Between October 2001 and May 2012 approximately 70% of U.S. military personnel killed in action and 75% wounded in action were the direct result of exposure to an explosion. As of 2008, it was estimated that nearly 20% of all Operation Iraqi Freedom and Operation Enduring Freedom (OIF/OEF) veterans had sustained some form of traumatic brain injury (TBI). Blast exposure is also a civilian problem due to widespread availability of explosives and the increased usage of explosives in terrorist attacks on civilians. Before 2005, blast injury research focused on the pulmonary system and the other air-containing organs which have been shown to be susceptible to blast overpressure injury. A shift in injury pattern during recent conflicts is characterized by decreased incidence of pulmonary injuries relative to TBI thought to be associated with blast exposure. This increase in observation of blast TBI has resulted in a large research effort to understand mechanisms and thresholds. However, due to the relatively sudden shift, much of this research is being conducted without a proper understanding and consideration of blast mechanics and interspecies scaling effects.

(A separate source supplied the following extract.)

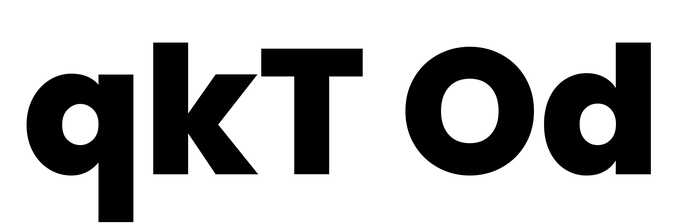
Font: Poppins-ExtraBold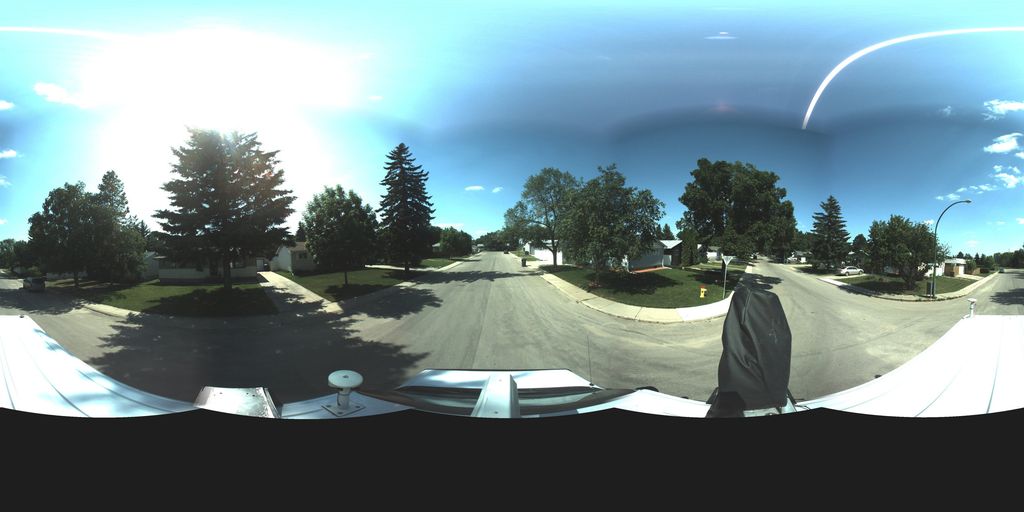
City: saskatoon

This dissertation used experimental and computational finite element (FE) analysis to investigate some of the important questions surrounding blast TBI research. These key issues include the effects of body armor usage on blast trauma risk, the effect of interspecies differences on in vivo animal model research, and the effects of interspecies scaling on current and future in vivo animal model experimentation for blast trauma. An experimental investigation was conducted to determine the effects of modern thoracic body armor usage on blast pressure exposure seen in the lungs and gut. To improve FE modeling capabilities, brain tissue mechanics in common blast TBI animal model species were investigated experimentally and computationally to determine viscoelastic constitutive behavior and measure interspecies variation of the brain properties. To improve our understanding of blast pulmonary trauma risk and appropriate interspecies scaling a meta-analysis of blast pulmonary literature was conducted to update interspecies scaling and injury risk models. Finally, to derive interspecies scaling and injury risk models for blast neurotrauma endpoints a meta-analysis of existing experimental data was used.

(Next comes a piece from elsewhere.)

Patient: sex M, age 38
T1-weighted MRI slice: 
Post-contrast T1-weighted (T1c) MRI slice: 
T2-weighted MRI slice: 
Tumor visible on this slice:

This dissertation makes major contributions to the field of injury biomechanics and blast injury research. Research presented in this dissertation showed that modern thoracic body armor can lower the risk of pulmonary injury from blast exposure by attenuating and altering blast overpressure. The study shows that the use of soft body armor can attenuate peak overpressure levels by a factor of up to 14 in the tested range and results in the pulmonary injury threshold being similar to that for neurotrauma. The use of hard body armor can attenuate peak overpressure levels by a factor of up to 57 in the tested range and results in the threshold for pulmonary injury occurring at higher levels than that of neurotrauma. This finding is important, as it helps to explain the recent shift in injury types observed and highlights the importance of continued widespread usage of body armor not only for ballistic protection but for protection from blast as well.

This dissertation also shows the importance of interspecies scaling for investigation of blast neurotrauma. This work looks at existing in vivo animal model data to derive appropriate scaling across a wide range of brain size. Appropriate scaling for apnea occurrence and fatality for blast isolated to the head was found to be approximately equal to a characteristic length scaling of brain size, assuming spherical brain shape. Power law scaling for overpressure duration, based on a ratio of brain mass to a human brain mass, was found to have a scaling exponent, α, of 0.336 for apnea risk. Similarly, for neurotrauma fatality risk, scaling exponents were found to be 0.316 and 0.080 for overpressure duration and and peak overpressure scaling, respectively. By combining the interspecies scaling developed and existing tests data, injury risk models were derived for short overpressure duration blast exposures.

The contributions and conclusions of this dissertation serve to inform the injury biomechanics field and to improve future research efforts. The consideration by researchers of the recommendations presented in this dissertation for in vivo animal model testing will serve to maximize the value gained from experimentation and improve our understanding of blast injury mechanisms and thresholds. The injury risk models presented in this work help to improve our ability to prevent, diagnose, and treat blast neurotrauma.